■ RECORDS FOR THIS EXERCISE:

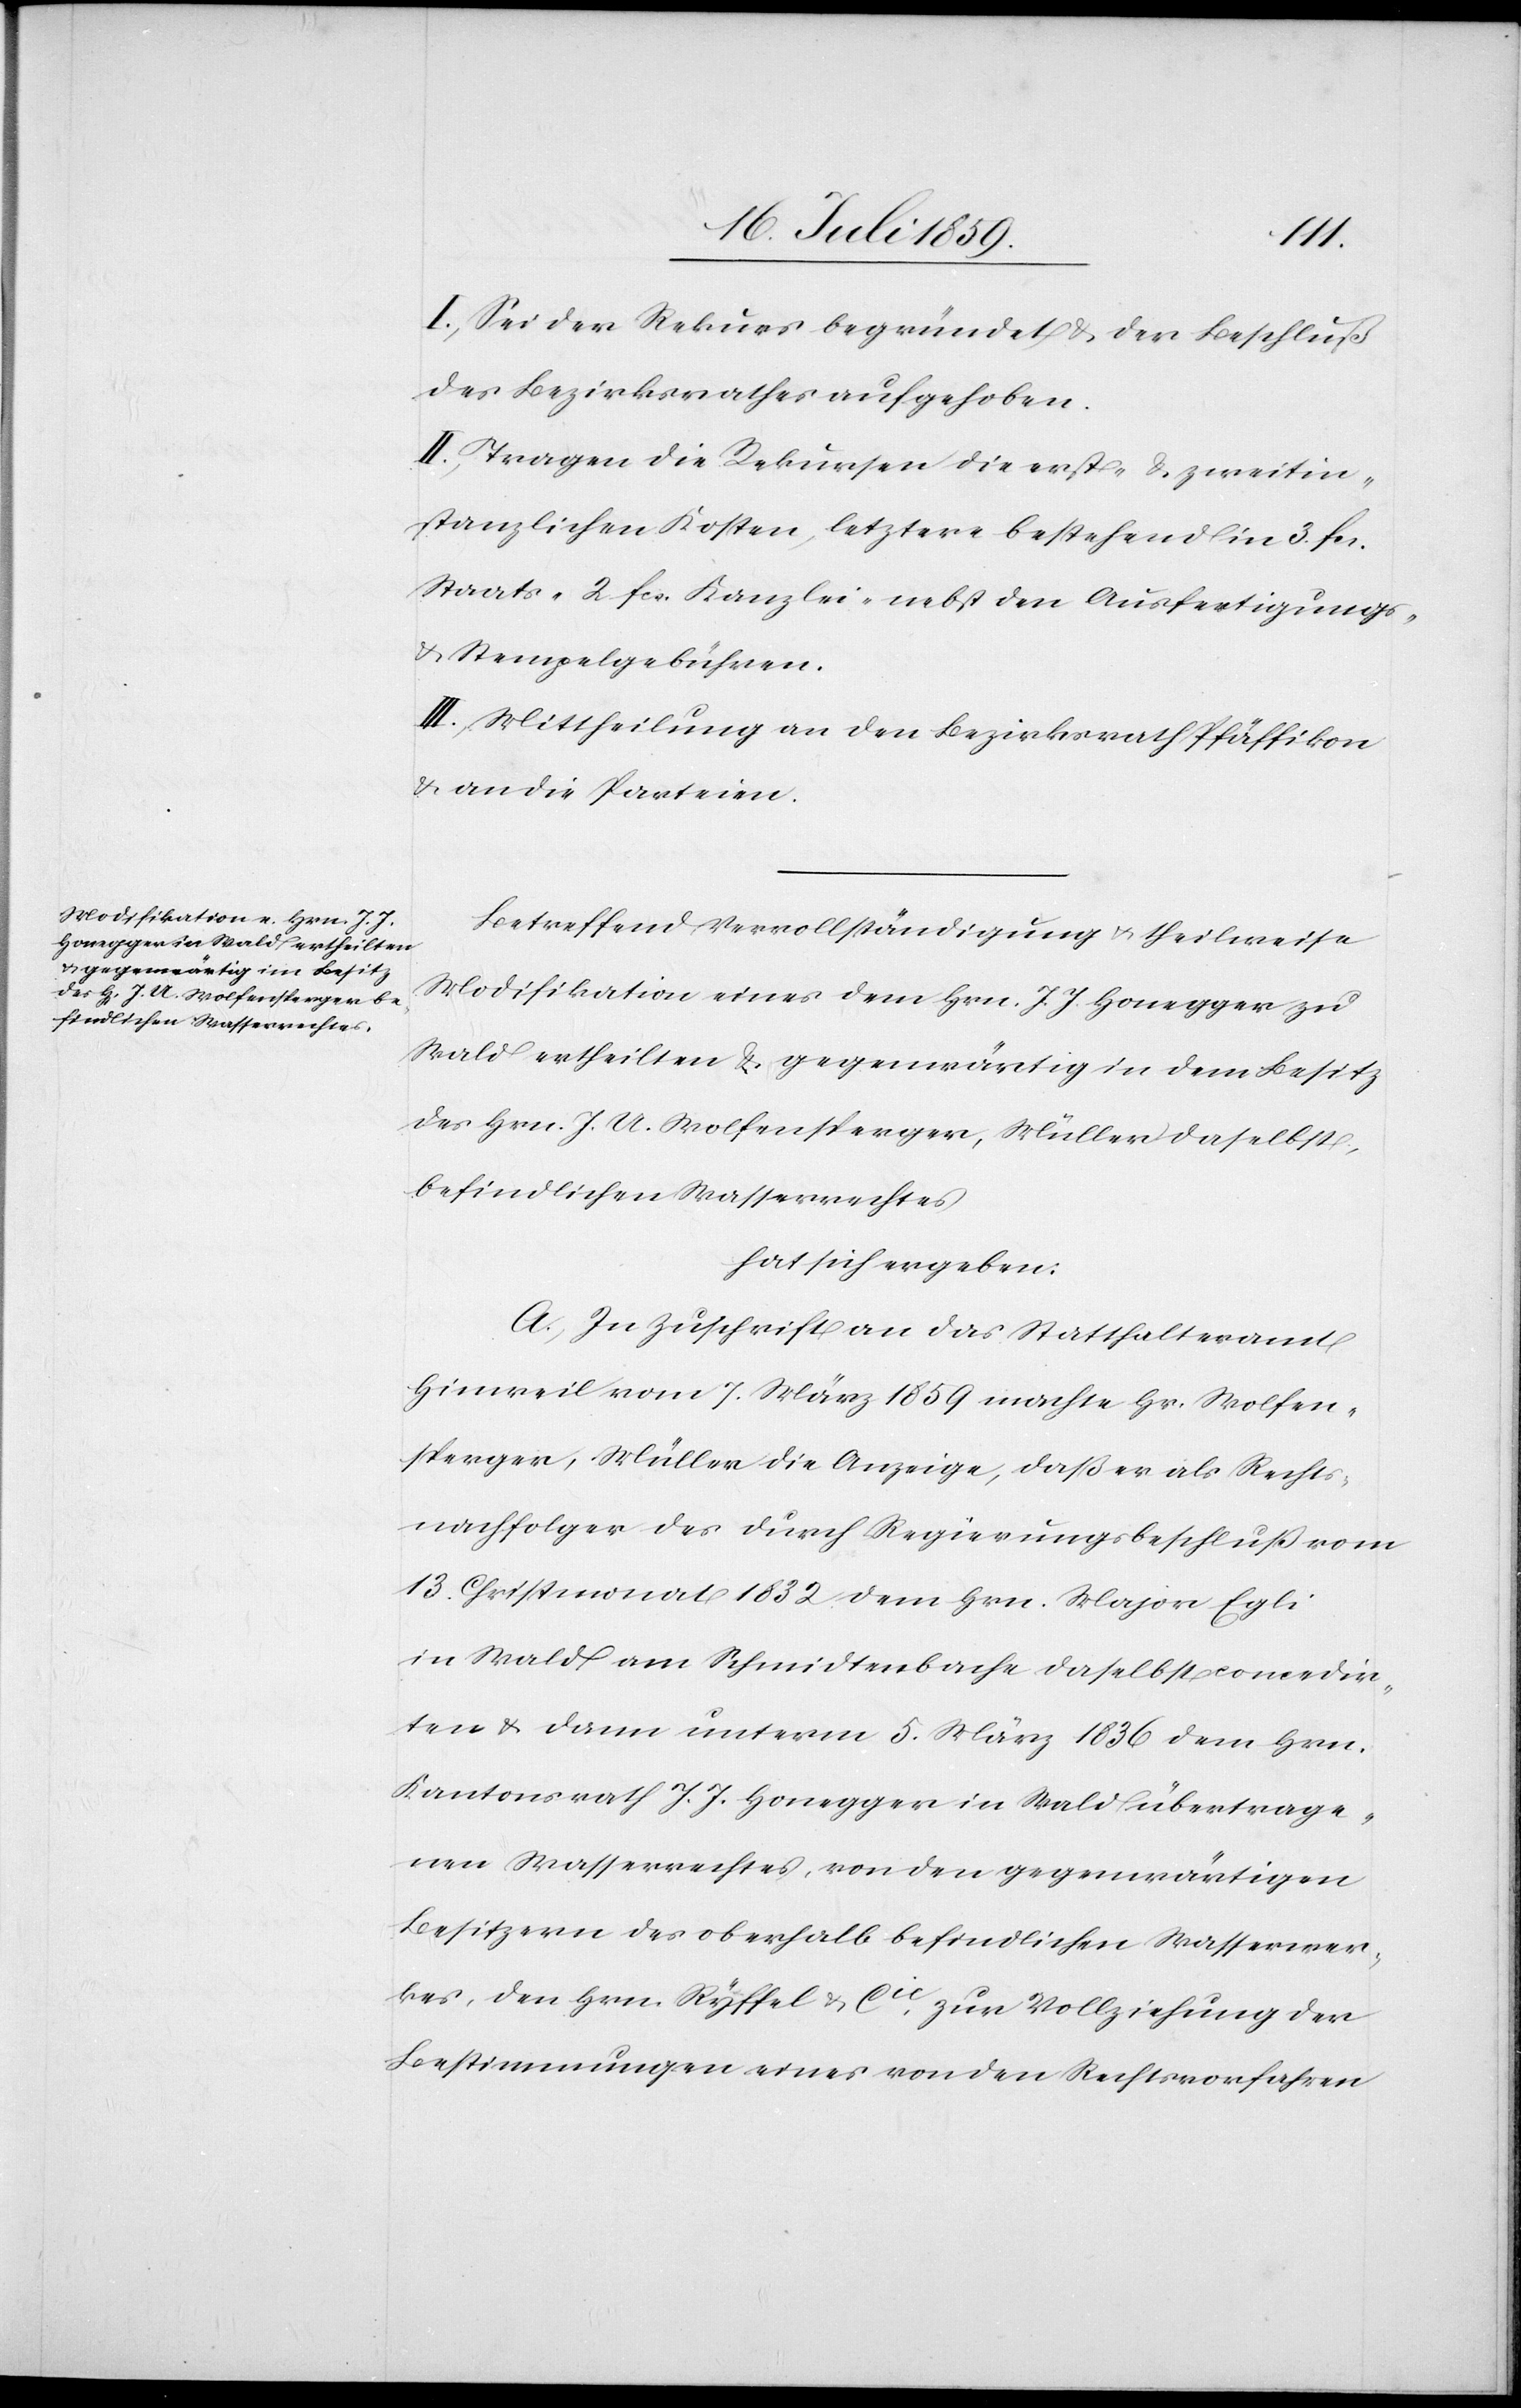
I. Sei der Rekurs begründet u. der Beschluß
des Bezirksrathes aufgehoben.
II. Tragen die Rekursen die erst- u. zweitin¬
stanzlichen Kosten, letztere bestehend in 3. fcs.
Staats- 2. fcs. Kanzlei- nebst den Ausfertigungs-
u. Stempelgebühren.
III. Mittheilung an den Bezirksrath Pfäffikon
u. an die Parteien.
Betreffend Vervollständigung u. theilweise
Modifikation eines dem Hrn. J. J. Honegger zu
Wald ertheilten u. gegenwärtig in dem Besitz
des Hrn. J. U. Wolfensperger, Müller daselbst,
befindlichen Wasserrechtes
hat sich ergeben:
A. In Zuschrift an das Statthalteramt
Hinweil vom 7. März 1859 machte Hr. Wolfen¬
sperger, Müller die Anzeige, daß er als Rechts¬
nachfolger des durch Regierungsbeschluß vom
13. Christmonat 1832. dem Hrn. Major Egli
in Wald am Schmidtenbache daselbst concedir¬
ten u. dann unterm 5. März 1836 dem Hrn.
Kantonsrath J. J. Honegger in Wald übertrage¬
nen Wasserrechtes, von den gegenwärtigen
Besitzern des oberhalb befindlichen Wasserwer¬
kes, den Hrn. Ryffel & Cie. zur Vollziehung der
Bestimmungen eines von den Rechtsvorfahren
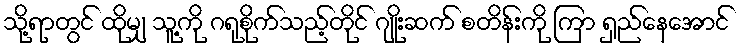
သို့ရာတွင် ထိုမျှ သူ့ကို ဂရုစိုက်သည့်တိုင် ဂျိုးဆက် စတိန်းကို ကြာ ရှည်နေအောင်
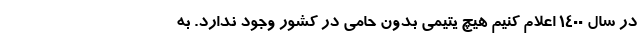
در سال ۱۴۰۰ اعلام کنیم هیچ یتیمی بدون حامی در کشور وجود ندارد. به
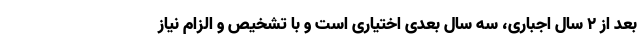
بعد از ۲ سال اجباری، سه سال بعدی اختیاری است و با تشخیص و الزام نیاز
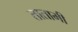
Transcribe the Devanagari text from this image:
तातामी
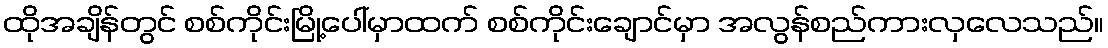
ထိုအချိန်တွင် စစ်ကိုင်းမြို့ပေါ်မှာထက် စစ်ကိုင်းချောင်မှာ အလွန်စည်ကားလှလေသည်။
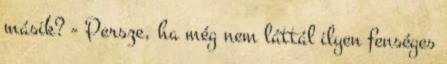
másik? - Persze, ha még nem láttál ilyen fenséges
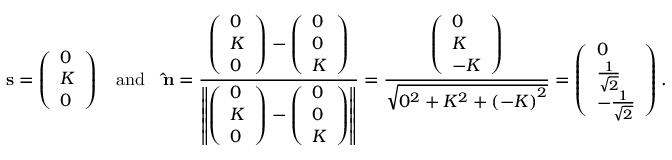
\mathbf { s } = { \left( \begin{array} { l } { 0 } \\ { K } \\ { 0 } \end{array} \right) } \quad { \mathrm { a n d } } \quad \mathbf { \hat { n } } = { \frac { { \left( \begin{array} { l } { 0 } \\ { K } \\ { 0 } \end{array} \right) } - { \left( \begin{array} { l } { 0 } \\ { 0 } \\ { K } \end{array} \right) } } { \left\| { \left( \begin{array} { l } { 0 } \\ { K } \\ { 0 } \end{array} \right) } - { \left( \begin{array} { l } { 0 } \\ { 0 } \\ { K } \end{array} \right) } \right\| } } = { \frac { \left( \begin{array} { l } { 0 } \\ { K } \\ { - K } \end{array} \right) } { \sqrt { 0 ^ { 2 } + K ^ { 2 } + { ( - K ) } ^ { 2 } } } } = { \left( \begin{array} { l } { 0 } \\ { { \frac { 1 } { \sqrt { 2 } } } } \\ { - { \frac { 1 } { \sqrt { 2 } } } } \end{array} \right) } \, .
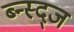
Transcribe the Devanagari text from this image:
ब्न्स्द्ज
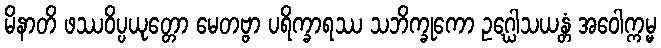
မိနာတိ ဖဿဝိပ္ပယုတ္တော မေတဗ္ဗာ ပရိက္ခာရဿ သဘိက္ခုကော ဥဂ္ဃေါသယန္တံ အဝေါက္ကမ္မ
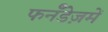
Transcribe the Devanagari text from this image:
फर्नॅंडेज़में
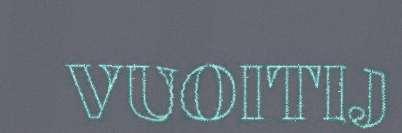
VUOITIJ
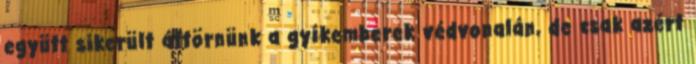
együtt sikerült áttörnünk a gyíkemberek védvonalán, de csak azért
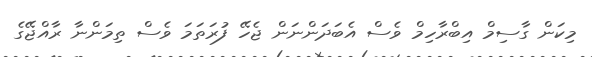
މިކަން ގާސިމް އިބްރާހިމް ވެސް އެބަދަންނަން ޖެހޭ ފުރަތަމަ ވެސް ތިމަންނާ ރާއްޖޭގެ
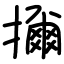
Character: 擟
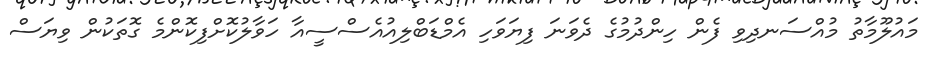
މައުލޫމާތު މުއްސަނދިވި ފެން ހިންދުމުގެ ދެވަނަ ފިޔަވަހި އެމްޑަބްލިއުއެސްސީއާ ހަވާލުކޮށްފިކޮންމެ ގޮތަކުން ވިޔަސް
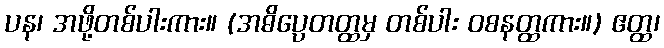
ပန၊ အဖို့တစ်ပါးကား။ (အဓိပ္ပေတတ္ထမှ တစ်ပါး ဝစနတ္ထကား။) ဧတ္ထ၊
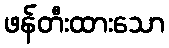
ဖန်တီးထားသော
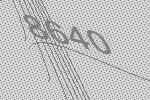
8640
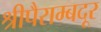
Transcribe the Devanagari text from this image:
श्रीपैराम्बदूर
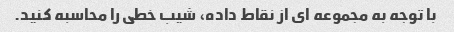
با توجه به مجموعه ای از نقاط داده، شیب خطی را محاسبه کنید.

■ TASK REQUIREMENTS:
Repeat each record exactly, with the pictures left out.

■ ANSWER FOR THE TASK:
I. Sei der Rekurs begründet u. der Beschluß
des Bezirksrathes aufgehoben.
II. Tragen die Rekursen die erst- u. zweitin¬
stanzlichen Kosten, letztere bestehend in 3. fcs.
Staats- 2. fcs. Kanzlei- nebst den Ausfertigungs-
u. Stempelgebühren.
III. Mittheilung an den Bezirksrath Pfäffikon
u. an die Parteien.
Betreffend Vervollständigung u. theilweise
Modifikation eines dem Hrn. J. J. Honegger zu
Wald ertheilten u. gegenwärtig in dem Besitz
des Hrn. J. U. Wolfensperger, Müller daselbst,
befindlichen Wasserrechtes
hat sich ergeben:
A. In Zuschrift an das Statthalteramt
Hinweil vom 7. März 1859 machte Hr. Wolfen¬
sperger, Müller die Anzeige, daß er als Rechts¬
nachfolger des durch Regierungsbeschluß vom
13. Christmonat 1832. dem Hrn. Major Egli
in Wald am Schmidtenbache daselbst concedir¬
ten u. dann unterm 5. März 1836 dem Hrn.
Kantonsrath J. J. Honegger in Wald übertrage¬
nen Wasserrechtes, von den gegenwärtigen
Besitzern des oberhalb befindlichen Wasserwer¬
kes, den Hrn. Ryffel & Cie. zur Vollziehung der
Bestimmungen eines von den Rechtsvorfahren
သို့ရာတွင် ထိုမျှ သူ့ကို ဂရုစိုက်သည့်တိုင် ဂျိုးဆက် စတိန်းကို ကြာ ရှည်နေအောင်
در سال ۱۴۰۰ اعلام کنیم هیچ یتیمی بدون حامی در کشور وجود ندارد. به
بعد از ۲ سال اجباری، سه سال بعدی اختیاری است و با تشخیص و الزام نیاز
Transcribe the Devanagari text from this image:
तातामी
ထိုအချိန်တွင် စစ်ကိုင်းမြို့ပေါ်မှာထက် စစ်ကိုင်းချောင်မှာ အလွန်စည်ကားလှလေသည်။
másik? - Persze, ha még nem láttál ilyen fenséges
\mathbf { s } = { \left( \begin{array} { l } { 0 } \\ { K } \\ { 0 } \end{array} \right) } \quad { \mathrm { a n d } } \quad \mathbf { \hat { n } } = { \frac { { \left( \begin{array} { l } { 0 } \\ { K } \\ { 0 } \end{array} \right) } - { \left( \begin{array} { l } { 0 } \\ { 0 } \\ { K } \end{array} \right) } } { \left\| { \left( \begin{array} { l } { 0 } \\ { K } \\ { 0 } \end{array} \right) } - { \left( \begin{array} { l } { 0 } \\ { 0 } \\ { K } \end{array} \right) } \right\| } } = { \frac { \left( \begin{array} { l } { 0 } \\ { K } \\ { - K } \end{array} \right) } { \sqrt { 0 ^ { 2 } + K ^ { 2 } + { ( - K ) } ^ { 2 } } } } = { \left( \begin{array} { l } { 0 } \\ { { \frac { 1 } { \sqrt { 2 } } } } \\ { - { \frac { 1 } { \sqrt { 2 } } } } \end{array} \right) } \, .
Transcribe the Devanagari text from this image:
ब्न्स्द्ज
မိနာတိ ဖဿဝိပ္ပယုတ္တော မေတဗ္ဗာ ပရိက္ခာရဿ သဘိက္ခုကော ဥဂ္ဃေါသယန္တံ အဝေါက္ကမ္မ
Transcribe the Devanagari text from this image:
फर्नॅंडेज़में
VUOITIJ
együtt sikerült áttörnünk a gyíkemberek védvonalán, de csak azért
މިކަން ގާސިމް އިބްރާހިމް ވެސް އެބަދަންނަން ޖެހޭ ފުރަތަމަ ވެސް ތިމަންނާ ރާއްޖޭގެ
Character: 擟
މައުލޫމާތު މުއްސަނދިވި ފެން ހިންދުމުގެ ދެވަނަ ފިޔަވަހި އެމްޑަބްލިއުއެސްސީއާ ހަވާލުކޮށްފިކޮންމެ ގޮތަކުން ވިޔަސް
ပန၊ အဖို့တစ်ပါးကား။ (အဓိပ္ပေတတ္ထမှ တစ်ပါး ဝစနတ္ထကား။) ဧတ္ထ၊
ဖန်တီးထားသော
8640
Transcribe the Devanagari text from this image:
श्रीपैराम्बदूर
با توجه به مجموعه ای از نقاط داده، شیب خطی را محاسبه کنید.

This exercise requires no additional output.